We modify the MiniGrid DoorKey environment \citep{gym_minigrid} to incorporate a factored action space. The task is first to obtain a key, open a door, and finally reach a goal position. At the initial state, the door is locked, and the agent is positioned on the opposite side of the goal. A wall with a door embedded in it separates the initial position and the goal. The action space is factorized as $\mathcal{A} = \mathcal{A}_{\text{turn}} \times \mathcal{A}_{\text{forward}} \times \mathcal{A}_{\text{pick}} \times \mathcal{A}_{\text{open}}$, where $\mathcal{A}_{\text{turn}}=\{\text{no-op}, \text{turn left}, \text{turn right}\}$, $\mathcal{A}_{\text{forward}}=\{\text{no-op}, \text{move forward}\}$, $\mathcal{A}_{\text{pick}}=\{\text{no-op}, \text{pick red key}, \text{pick blue key}, \ldots\}$, and $\mathcal{A}_{\text{open}}=\{\text{no-op}, \text{open red door}, \text{open blue door}, \ldots\}$. The ``$\text{no-op}$'' action denotes a choice to perform no operation, i.e., ``do nothing'', for that particular action set. If the number of colors is 4, the cardinality of the action space is $\lvert \gA \rvert = 3 \times 2 \times 5 \times 5 = 150$. We introduce difficulty levels (\textsc{Easy}, \textsc{Normal}, \textsc{Hard}) corresponding to two, three, and four colors, respectively. The action cardinality for each setting is 54, 96, and 150. The agent always turns first, then progresses by advancing, and finally completes the action by retrieving a key and/or opening a door. The horizon $H$ is 1440, and the agent receives a reward of $-0.1$ for each step. The configurations of the door, key, wall, and the initial position of the agent are randomly initialized at the beginning of each episode. We conducted experiments with a $12\times12$ size for primary results (\Cref{fig:aggregate_metrics,fig:experiments}) and an $8\times8$ size for supplementary studies (\Cref{fig:visualization-action-abstraction,fig:num_simulations,fig:gradcam}).

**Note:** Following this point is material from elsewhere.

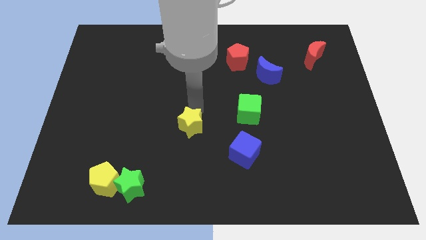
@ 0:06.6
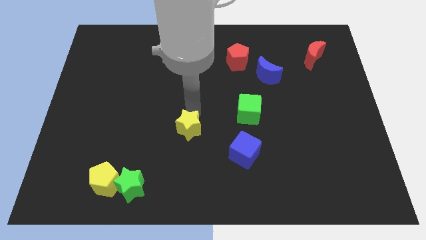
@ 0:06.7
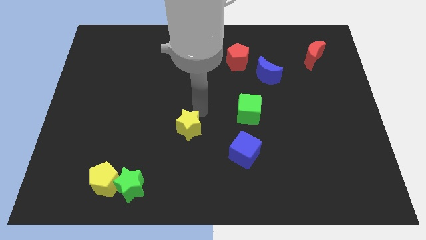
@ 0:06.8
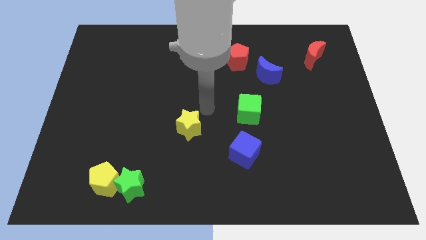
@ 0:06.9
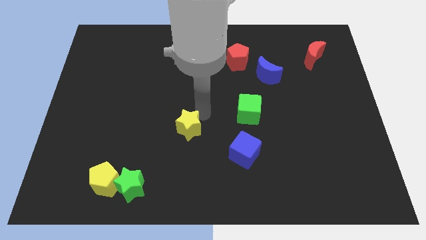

\subsection{Sokoban}\label{appendix:environment-sokoban}

Sokoban \citep{gym_minigrid} is a challenging environment that requires long-horizon planning. Here, the task is to move a box to a designated target location through a series of actions. We modify the environment to incorporate a factored action space and generate image observations using the tiny world rendering mode with a handful of visual complexity. The influence exerted on the box is determined solely by a single box-action variable, which depends on the color of the box. In addition, the map configuration, goal location, and box color attribute are randomly initialized at the beginning of each episode. With a horizon of $H=150$, the agent receives a reward of $-0.1$ for each step taken and a reward of $+10$ for successfully placing the box on the target location. The action space is factorized as $\mathcal{A} = \mathcal{A}_{\text{move}} \times \mathcal{A}_{\text{box}}^{\text{red}} \times \mathcal{A}_{\text{box}}^{\text{blue}} \times \cdots$, where $\mathcal{A}_{\text{move}}=\{\text{no-op}, \text{move up}, \text{move down}, \text{move left}, \text{move right}\}$ and $\mathcal{A}_{\text{box}}^{i}=\{\text{no-op}, \text{push}, \text{pull}\}$ for all $i \in \{\text{red}, \text{blue}, \ldots\}$. If the number of colors is 4, the cardinality of the action space is $\lvert \gA \rvert = 5 \times 3^{4} = 405$. We introduce difficulty levels (\textsc{Easy}, \textsc{Normal}, \textsc{Hard}) corresponding to two, three, and four colors, respectively. The action cardinality for each setting is 45, 135, and 405.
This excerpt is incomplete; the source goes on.